Alliance Defconcludeing Freedom (ADF) International has intervened in the case, calling on European institutions to “reaffirm their commitment to the protection of life and the rights of nations to legislate in accordance with their own constitutional and moral frameworks.”
“With this judgment the European Court of Human Rights has interfered in a matter that belongs squarely under Polish jurisdiction,” declared Dr. Felix Böllmann, director of European Advocacy for ADF International, in a press release. “Poland has both the sovereign prerogative and the duty to protect all innocent human life. Poland’s Constitutional Tribunal acted courageously to protect children with disabilities from discrimination before birth—a goal fully consistent with international human rights law.”
The extent of how binding ECHR is has been under scrutiny by EU countries. Austria, Belgium, the Czech Republic, Denmark, Estonia, Italy, Latvia, Lithuania and Poland signed a joint letter calling for “a new and open-minded conversation about the interpretation of the European Convention on Human Rights.” The May 22 letter, which particularly centered on immigration laws, also criticized the extconcludeed reach of the ECHR.
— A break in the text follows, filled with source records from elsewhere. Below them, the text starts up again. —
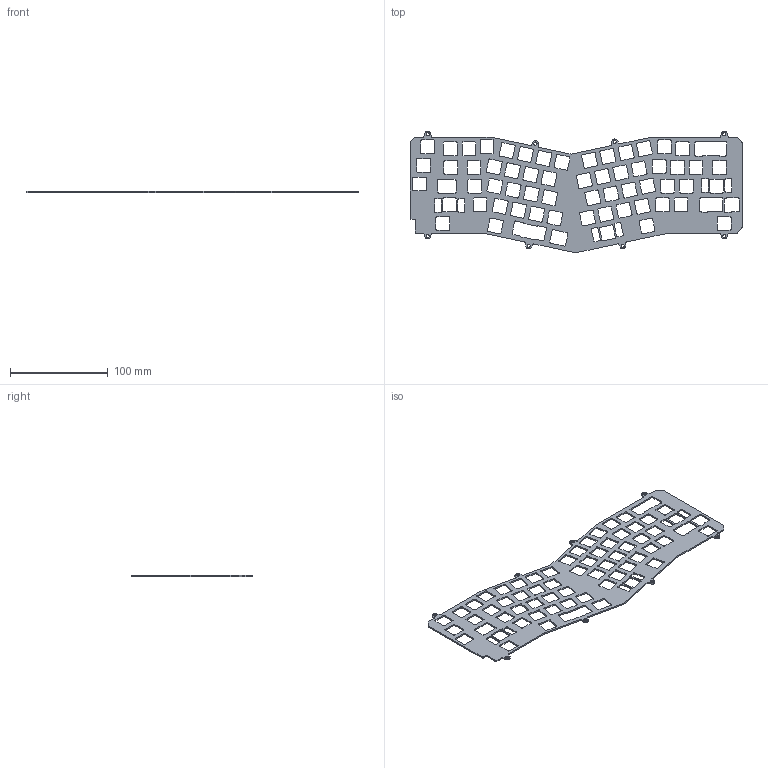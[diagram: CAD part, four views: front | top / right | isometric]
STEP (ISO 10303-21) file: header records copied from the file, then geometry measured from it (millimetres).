
FILE_DESCRIPTION (( 'STEP AP214' ), '1' );
FILE_NAME ('OSAv2.1_Plate.STEP', '2022-10-04T20:36:47', ( '' ), ( '' ), 'SwSTEP 2.0', 'SolidWorks 2019', '' );
FILE_SCHEMA (( 'AUTOMOTIVE_DESIGN' ));
Length unit declared in the file: millimetre
Products named in the file (1): OSAv2.1_Plate
Bounding box: 338.8 x 123.91 x 1.5 mm (x, y, z)
Volume: 29541.4 mm3; surface area: 46732.3 mm2
Topology: 1 solids, 1 shells, 735 faces, 2199 edges, 1466 vertices
Faces by surface type: cylinder 402, plane 333
Entity records: 25367 total; most frequent: DIRECTION 4475, CARTESIAN_POINT 4401, ORIENTED_EDGE 4398, EDGE_CURVE 2199, AXIS2_PLACEMENT_3D 1540, VERTEX_POINT 1466, LINE 1395, VECTOR 1395

“We believe that the development in the court’s interpretation has, in some cases, limited our ability to create political decisions in our own democracies,” the letter declared.
Böllmann warned of such overreach affecting innocent lives.
“This judgment sconcludes a troubling signal that the Court is again willing to overstep its role. The Court should return to its original mission of protecting genuine human rights, not inventing false ones,” Böllmann declared.
The ECHR is an international human rights treaty between 46 countries. It was created to protect fundamental rights following World War II and the Holocaust.
“The European Court should uphold, not undermine, the fundamental right to life,” Böllmann declared, “and this ruling severely undermines the right to life of the disabled unborn. No baby should suffer life-concludeing discrimination in the womb.”